REQUIREMENT:
Leaving out all pictures, retype the records exactly.

DATA TO EXAMINE:
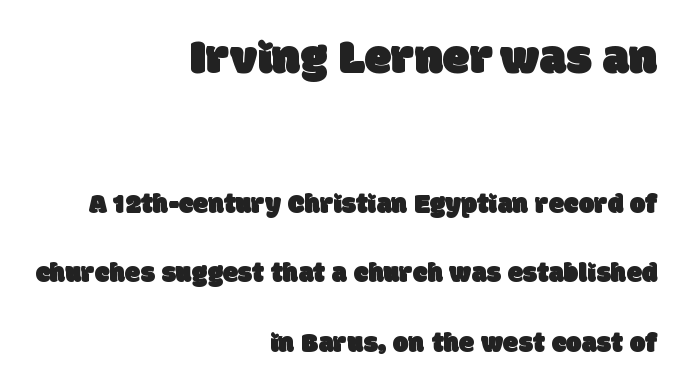
Q: Is the typeface a serif or a sans-serif typeface? A: Sans-serif.
Q: Is the text underlined? A: No.
Q: How is the paragraph aligned? A: Right-aligned.
Q: Is the spacing between letters normal or unusually wide? A: Normal.
Q: Is the spacing between lines tight, normal or loose? A: Loose.
Q: Which block of text is set in a larger size, the first (top) or the second (bottom)? A: The first (top) one.
Q: Width (condensed, normal, or wide)? A: Normal.
Q: Stroke contrast? A: Low.
Q: x-height? A: Large.
Q: Monospaced? A: No.
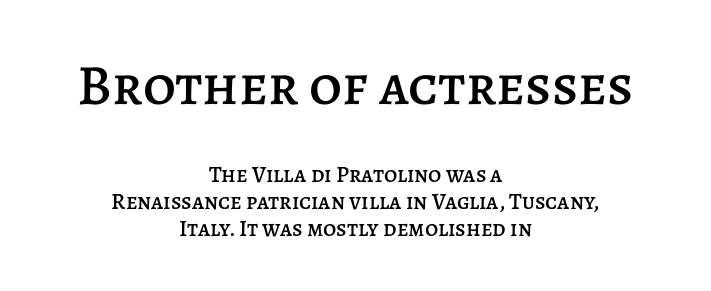
The image shows 57 px text type, upright; set centered, line spacing 1.17x, normal letter spacing, not underlined; the first (top) block is 2.48x larger; low stroke contrast and a large x-height.
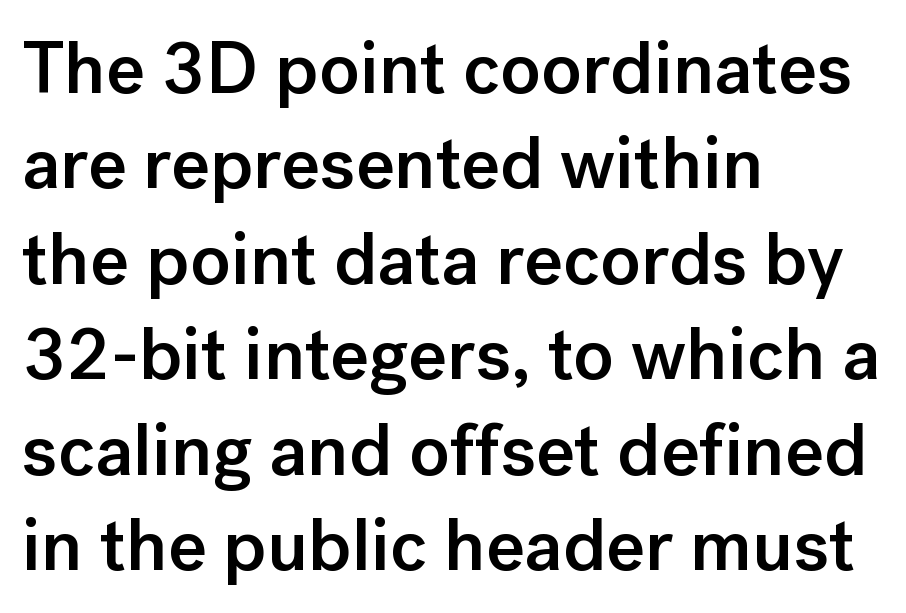
Q: Is the text bold? A: Semi-bold.
Q: Is the text italic (slanted)? A: No, it is upright.
Q: Is the typeface a serif or a sans-serif typeface? A: Sans-serif.
Q: Is the text underlined? A: No.
Q: How is the paragraph aligned? A: Left-aligned.
Q: Is the spacing between letters normal or unusually wide? A: Normal.
Q: Is the spacing between lines tight, normal or loose? A: Normal.
Q: Width (condensed, normal, or wide)? A: Normal.
Q: Stroke contrast? A: Low.
Q: x-height? A: Medium.
Q: Monospaced? A: No.
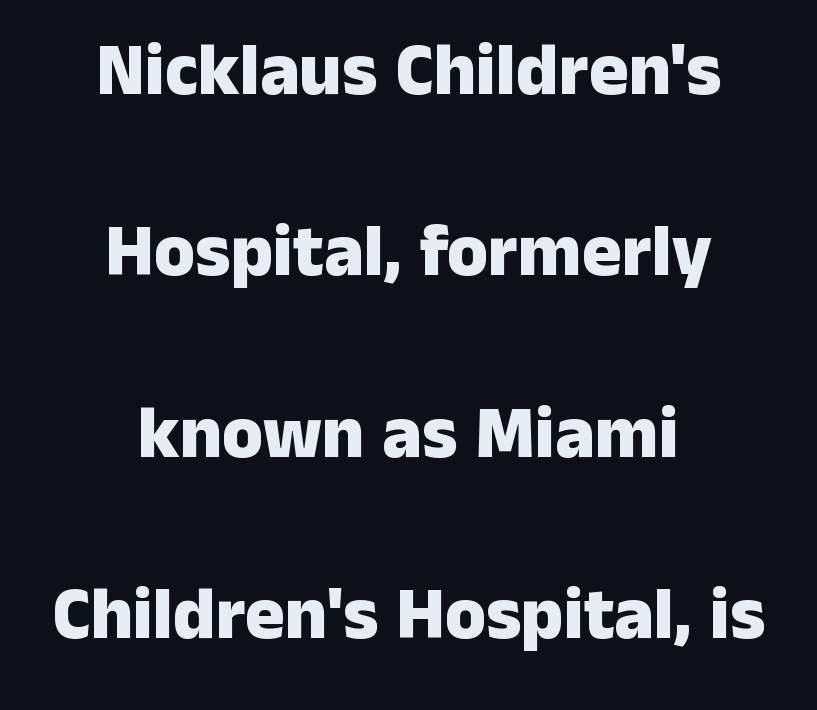
Q: Is the text bold? A: Yes.
Q: Is the text italic (slanted)? A: No, it is upright.
Q: Is the typeface a serif or a sans-serif typeface? A: Sans-serif.
Q: Is the text underlined? A: No.
Q: How is the paragraph aligned? A: Centered.
Q: Is the spacing between letters normal or unusually wide? A: Normal.
Q: Is the spacing between lines tight, normal or loose? A: Loose.
Q: Width (condensed, normal, or wide)? A: Normal.
Q: Stroke contrast? A: Low.
Q: x-height? A: Medium.
Q: Monospaced? A: No.

THE ANSWER:
Q: Is the typeface a serif or a sans-serif typeface? A: Sans-serif.
Q: Is the text underlined? A: No.
Q: How is the paragraph aligned? A: Right-aligned.
Q: Is the spacing between letters normal or unusually wide? A: Normal.
Q: Is the spacing between lines tight, normal or loose? A: Loose.
Q: Which block of text is set in a larger size, the first (top) or the second (bottom)? A: The first (top) one.
Q: Width (condensed, normal, or wide)? A: Normal.
Q: Stroke contrast? A: Low.
Q: x-height? A: Large.
Q: Monospaced? A: No.
The image shows 57 px text type, upright; set centered, line spacing 1.17x, normal letter spacing, not underlined; the first (top) block is 2.48x larger; low stroke contrast and a large x-height.
Q: Is the text bold? A: Semi-bold.
Q: Is the text italic (slanted)? A: No, it is upright.
Q: Is the typeface a serif or a sans-serif typeface? A: Sans-serif.
Q: Is the text underlined? A: No.
Q: How is the paragraph aligned? A: Left-aligned.
Q: Is the spacing between letters normal or unusually wide? A: Normal.
Q: Is the spacing between lines tight, normal or loose? A: Normal.
Q: Width (condensed, normal, or wide)? A: Normal.
Q: Stroke contrast? A: Low.
Q: x-height? A: Medium.
Q: Monospaced? A: No.
Q: Is the text bold? A: Yes.
Q: Is the text italic (slanted)? A: No, it is upright.
Q: Is the typeface a serif or a sans-serif typeface? A: Sans-serif.
Q: Is the text underlined? A: No.
Q: How is the paragraph aligned? A: Centered.
Q: Is the spacing between letters normal or unusually wide? A: Normal.
Q: Is the spacing between lines tight, normal or loose? A: Loose.
Q: Width (condensed, normal, or wide)? A: Normal.
Q: Stroke contrast? A: Low.
Q: x-height? A: Medium.
Q: Monospaced? A: No.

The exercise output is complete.